Starliner Now Costing Boeing Almost $900 Million

Starliner Now Costing Boeing Almost $900 Million

Boeing acknowledged today that it is taking a further $195 million charge against earnings for the CST-100 Starliner commercial crew program. Developed through a fixed-price contract with NASA, Starliner has encoutered a number of delays and Boeing must cover those costs. Added to $688 million already taken, the company now is spending $883 million of its own money on the program.

In a third quarter 2022 financial earnings conference call today, Boeing Chief Financial Officer Brian West briefly referred to losses the company incurred from fixed-price development programs with the government. The $2.8 billion in losses in Defense, Space & Security programs was accountable primarily to two aircraft, KC-46A ($1.2 billion) and VC-25B ($766 million). Commercial crew was one of three programs comprising the remainder.

He did not specify the amounts for those other programs in his remarks, but the company’s 10-Q filing with the Security and Exchange Commission reveals it was $195 million for commercial crew.

“During the nine and three months that ended September 30, 2022, we increased the reach-forward loss by $288 [million] and $195 [million] primarily reflecting increases to estimated costs related to completing the crewed flight tests and revised schedules for both the crewed flight test and three post certification missions.”

The $288 million reflects $185 million in the third quarter of 2021 plus $93 million in the second quarter of 2022. That’s on top of $410 million in the fourth quarter of 2019. All in all, $883 million.

Starliner is being procured through a Public-Private Partnership where the government and the private sector share development costs and the government guarantees purchase of a certain amount of services. The company retains ownership of the system and is expected to find other customers to close the business case.

Boeing’s Starliner about to land at White Sands, NM after a successful Orbital Flight Test-2, May 25, 2022. Photo credit: NASA/Bill Ingalls

NASA awarded two commercial crew contracts in 2014: $4.2 billion to Boeing and $2.6 billion to SpaceX. The price covered development activities and test flights, six operational crewed flights to the International Space Station, and special studies according to NASA’s Office of Inspector General.

SpaceX’s Crew Dragon completed its test flights in 2020 and the system is now operational, launching crews both for NASA and private astronauts. Earlier this month it launched its sixth crewed mission for NASA, Crew-5. In addition, two private astronaut missions (Inspiration4 and Axiom-1) on Crew Dragon launched in 2021 and 2022, a total of eight crewed launches in two years.

NASA astronaut Suni Williams.
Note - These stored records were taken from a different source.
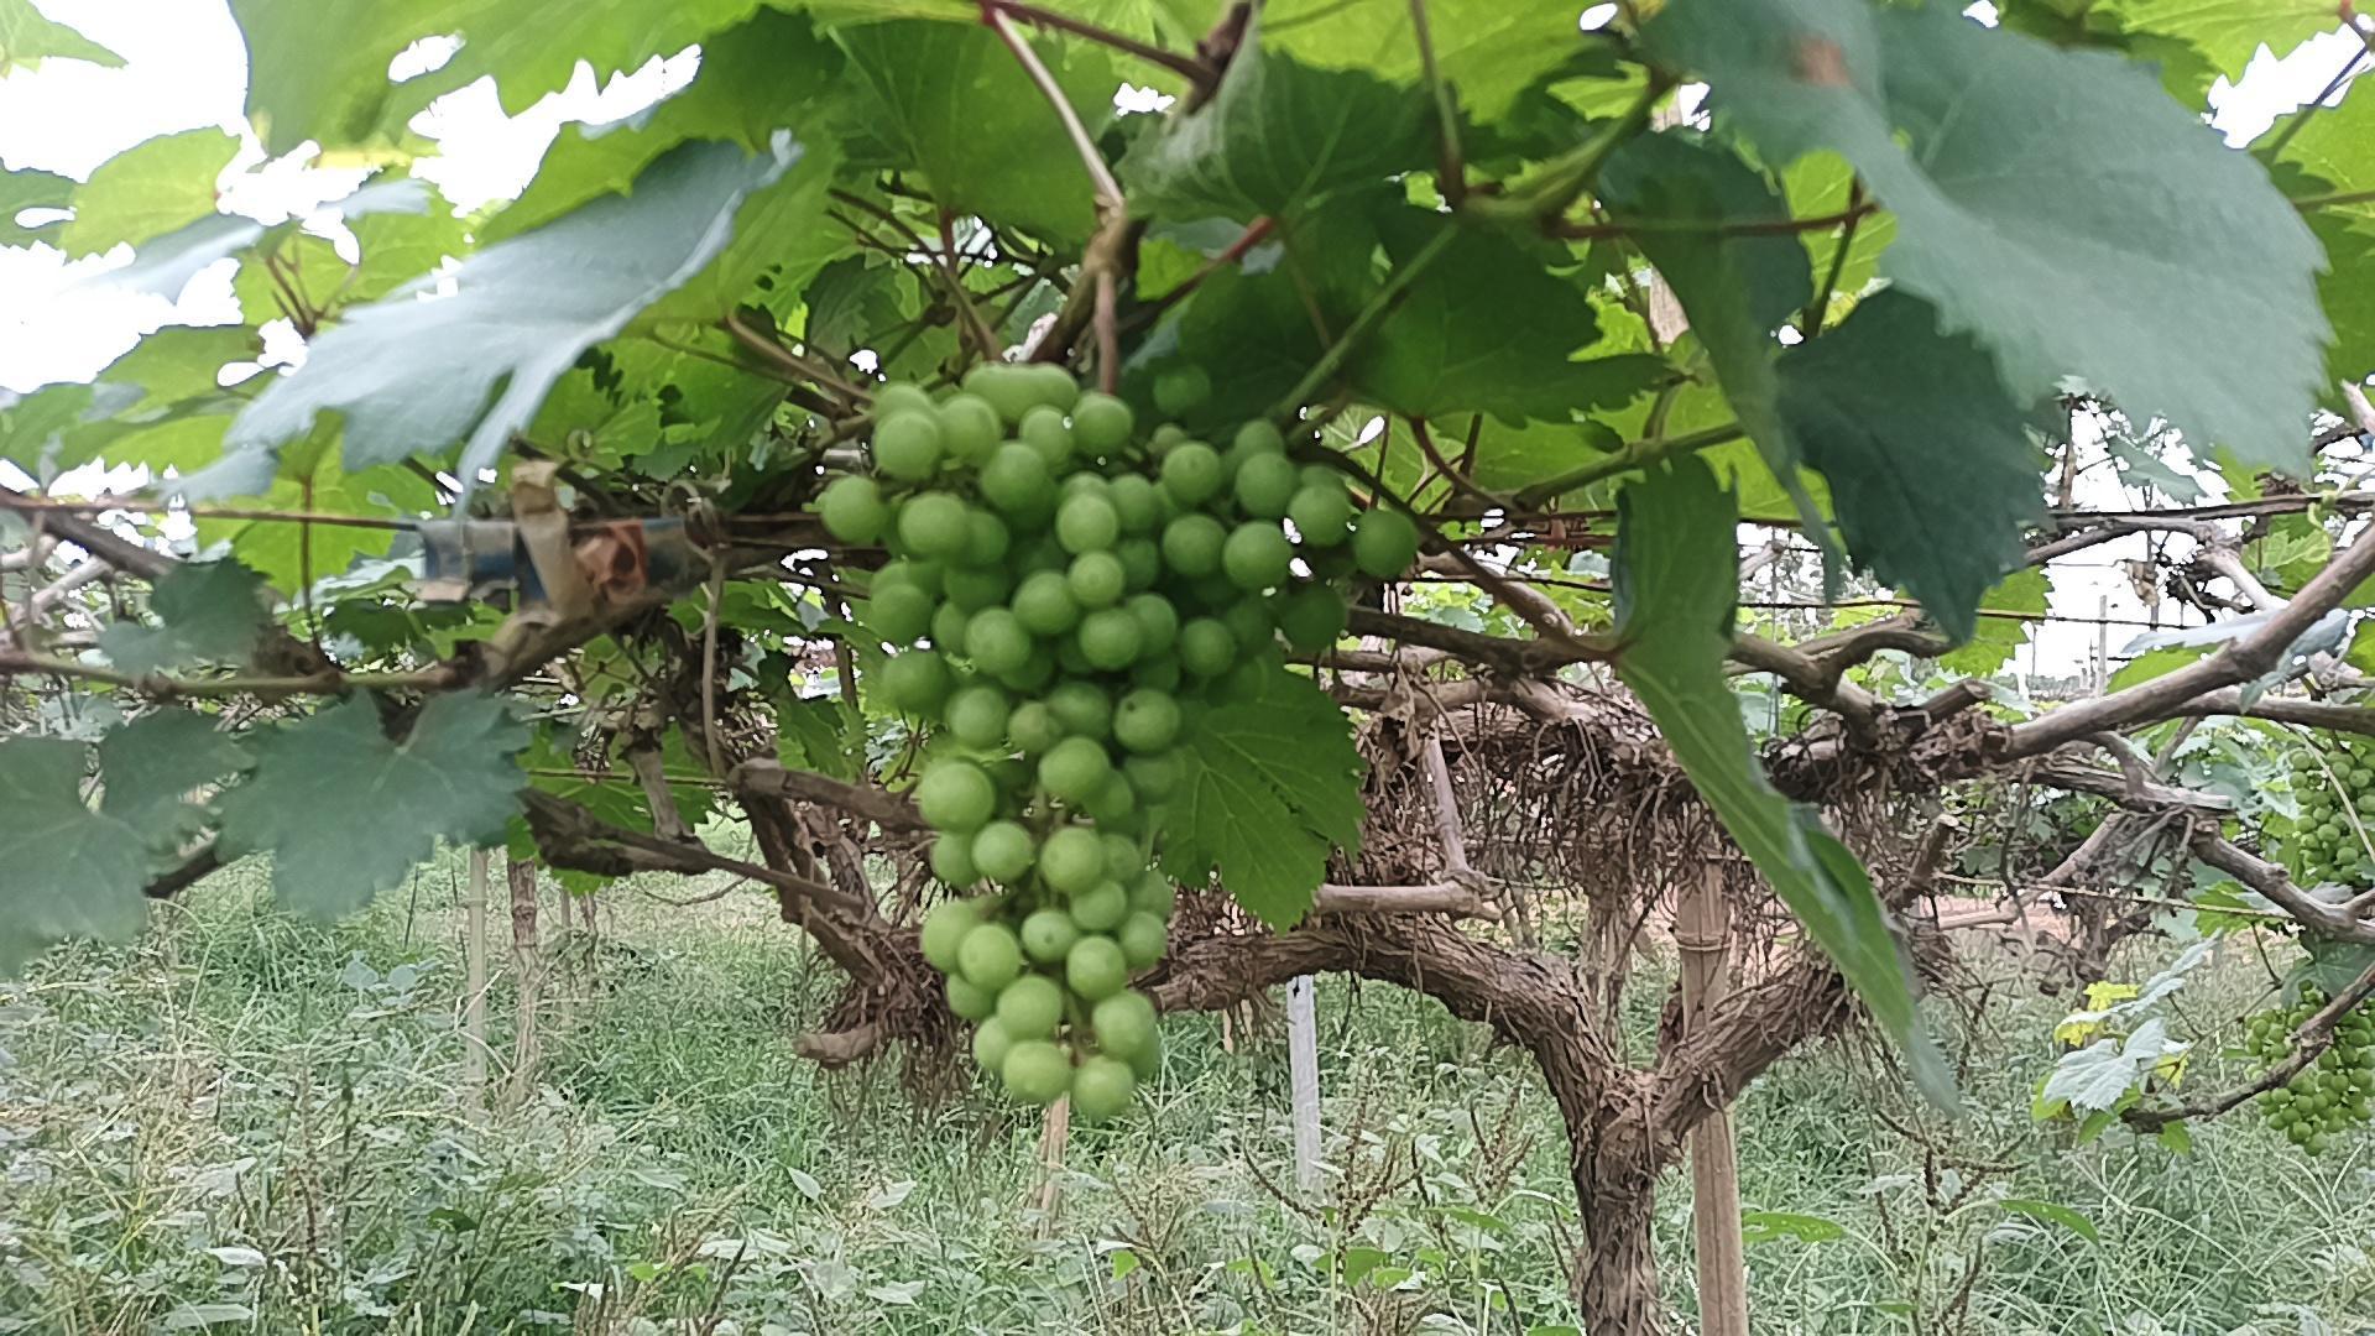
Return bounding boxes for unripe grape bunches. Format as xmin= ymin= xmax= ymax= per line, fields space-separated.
xmin=2255 ymin=983 xmax=2374 ymax=1157
xmin=818 ymin=360 xmax=1425 ymax=1124
xmin=2287 ymin=748 xmax=2374 ymax=889
xmin=2244 ymin=977 xmax=2335 ymax=1081
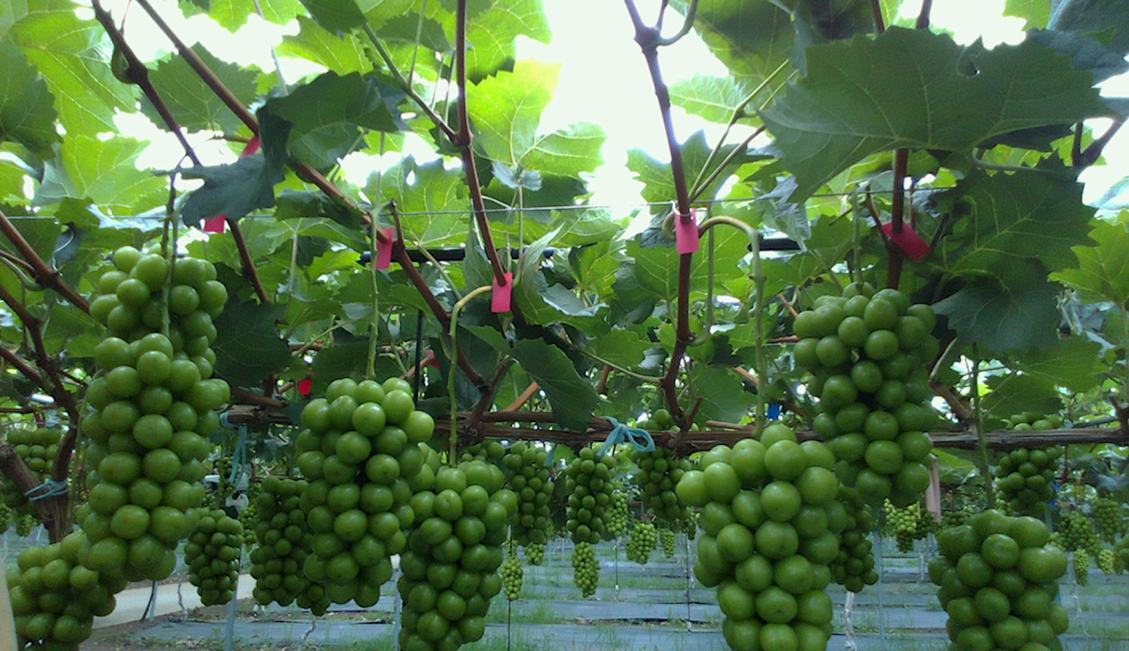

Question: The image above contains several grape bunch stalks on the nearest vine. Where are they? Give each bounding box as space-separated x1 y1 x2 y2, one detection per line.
447 284 491 468
972 344 997 509
366 200 407 380
849 183 890 293
697 215 767 442
172 188 190 272
162 260 171 339
62 368 102 539
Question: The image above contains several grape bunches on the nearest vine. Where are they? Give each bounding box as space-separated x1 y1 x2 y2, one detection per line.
793 281 939 509
675 423 847 650
927 509 1068 650
89 243 228 380
294 377 441 608
5 529 116 650
77 333 231 594
398 459 518 650
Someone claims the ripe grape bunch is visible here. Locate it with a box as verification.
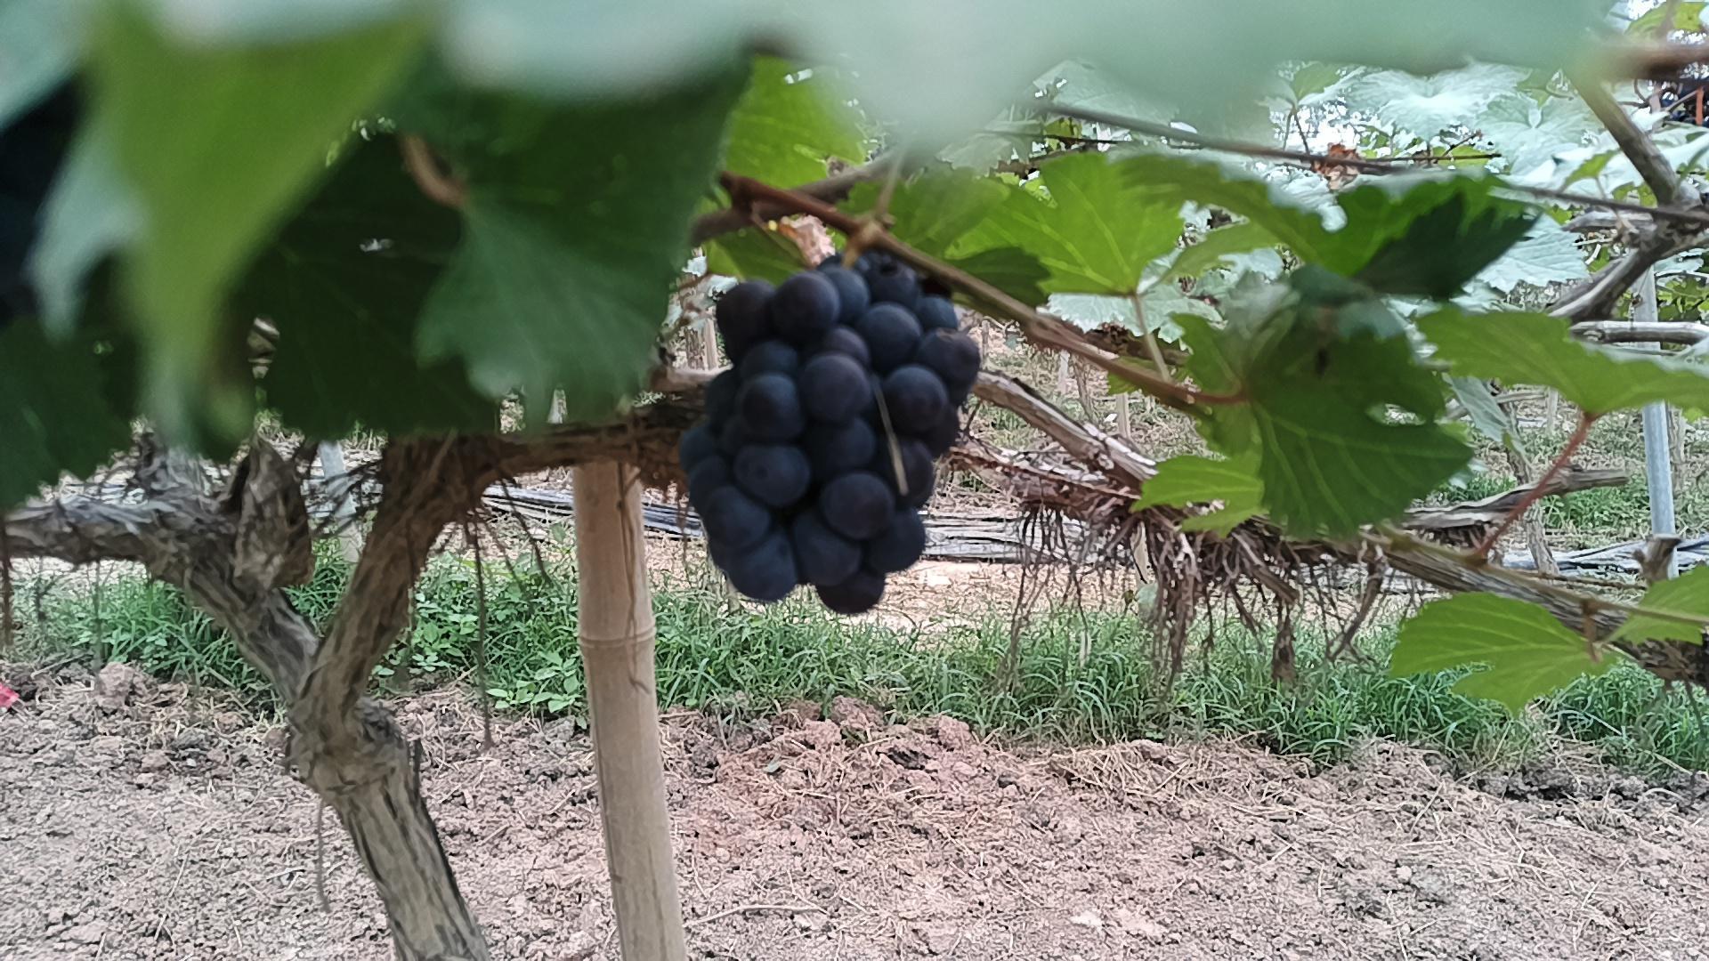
[682,251,979,614]
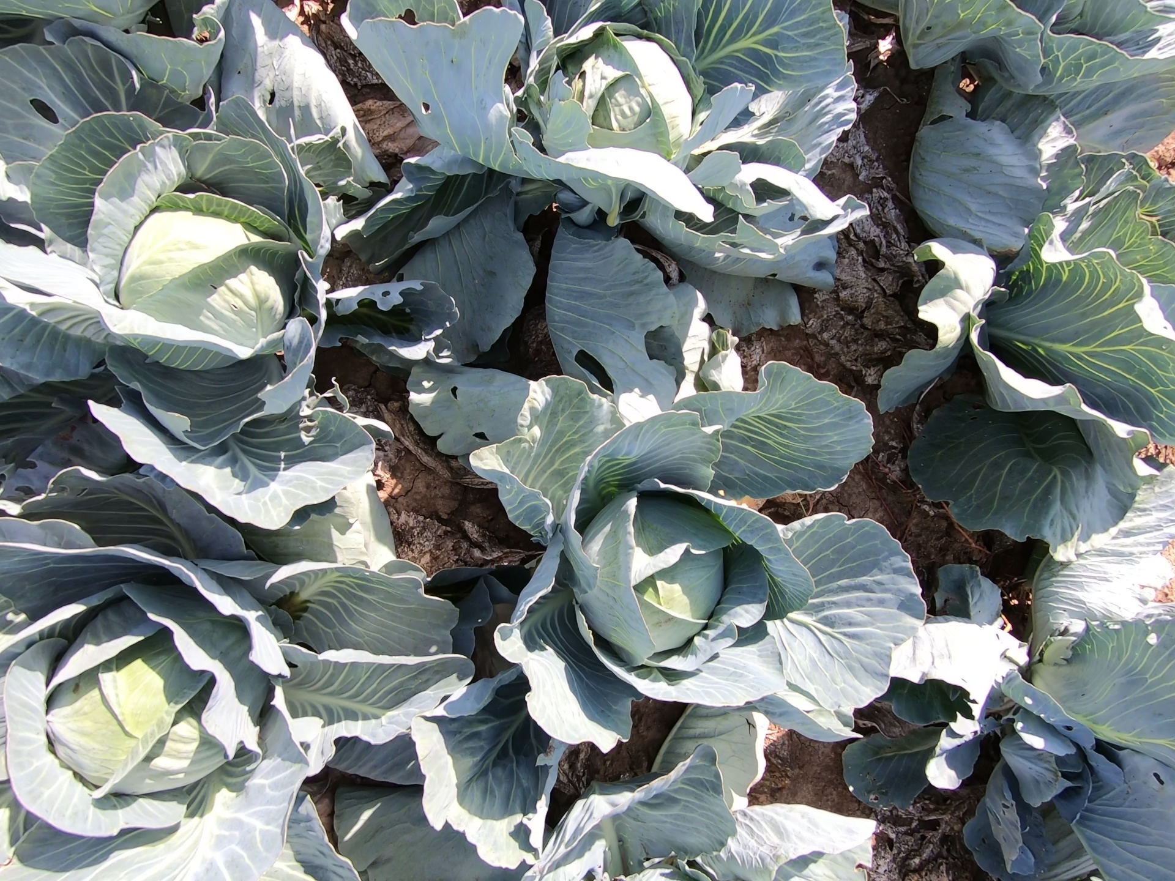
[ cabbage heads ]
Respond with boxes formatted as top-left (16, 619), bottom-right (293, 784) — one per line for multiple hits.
top-left (43, 592), bottom-right (260, 794)
top-left (581, 499), bottom-right (722, 653)
top-left (559, 32), bottom-right (692, 179)
top-left (1008, 733), bottom-right (1081, 790)
top-left (116, 194), bottom-right (287, 365)
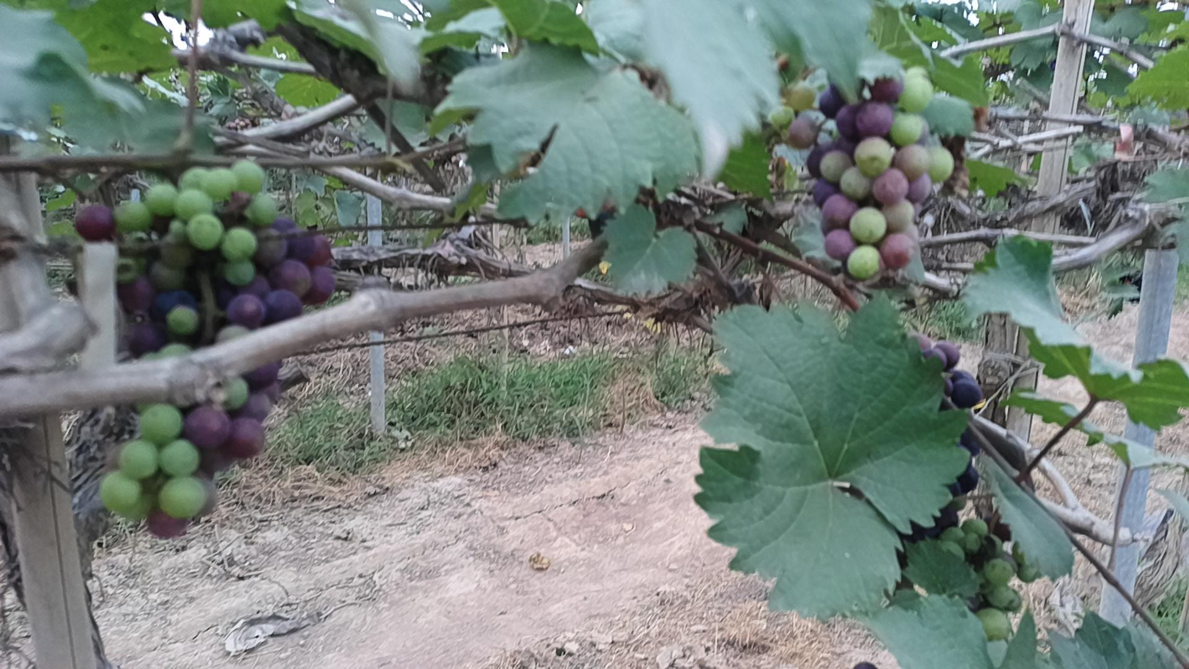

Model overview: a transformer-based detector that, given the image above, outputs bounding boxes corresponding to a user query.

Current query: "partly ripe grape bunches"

[773,68,952,281]
[74,160,334,538]
[901,334,1035,641]

Credit: NASA

By contrast, Boeing’s Starliner has suffered a series of delays and only completed its first test flight, without a crew, in May. The first attempt at an uncrewed test flight, Orbital Flight Test (OFT) in December 2019, encountered significant technical problems and Boeing decided to refly it before putting people onboard. In August 2021, a year-and-a-half later, it was ready to try again with Orbital Flight Test-2 (OFT-2), but the launch was scrubbed just hours before liftoff when 13 propulsion valves would not open. It was another nine months before OFT-2 finally flew.

NASA astronaut Butch Wilmore. Credit: NASA

Boeing still must conduct a Crew Flight Test (CFT) with two NASA astronauts, Butch Wilmore and Suni Williams. NASA and Boeing currently plan that for no earlier than February 2023. Assuming it meets NASA’s certification requirements, Starliner could fly the first of the six operational or “Post-Certification Missions” by the end of 2023.

In the 10-Q filing, Boeing said the “increase recorded in the third quarter of 2022 was primarily driven by timing of the three future post certification missions which are now assumed to be completed by 2026 based on NASA’s revised launch plans. We had previously assumed that the post certification missions would be completed by 2024. Risk remains that we may record additional losses in future periods.”

ISS crews rotate on roughly 6-month schedules and NASA’s original plan was to alternate launches of Crew Dragon and Starliner, with one per year for each company. With services beginning in 2020, that could have meant 10 each, since ISS is intended to operate through 2030. Because of the delay in Starliner’s availability, however, NASA purchased more Crew Dragons, recently signing an agreement that brings the total to 14 through 2030.

Coupled with the six NASA already bought from Boeing, all of NASA’s ISS crew transportation needs seem to be met. Other markets include private astronaut flights and servicing commercial space stations NASA hopes will be in place by the time ISS is retired. NASA is working with several companies through the Commercial LEO Destinations effort to design such stations. Boeing is part of the Orbital Reef team led by Blue Origin. Boeing operates the ISS for NASA.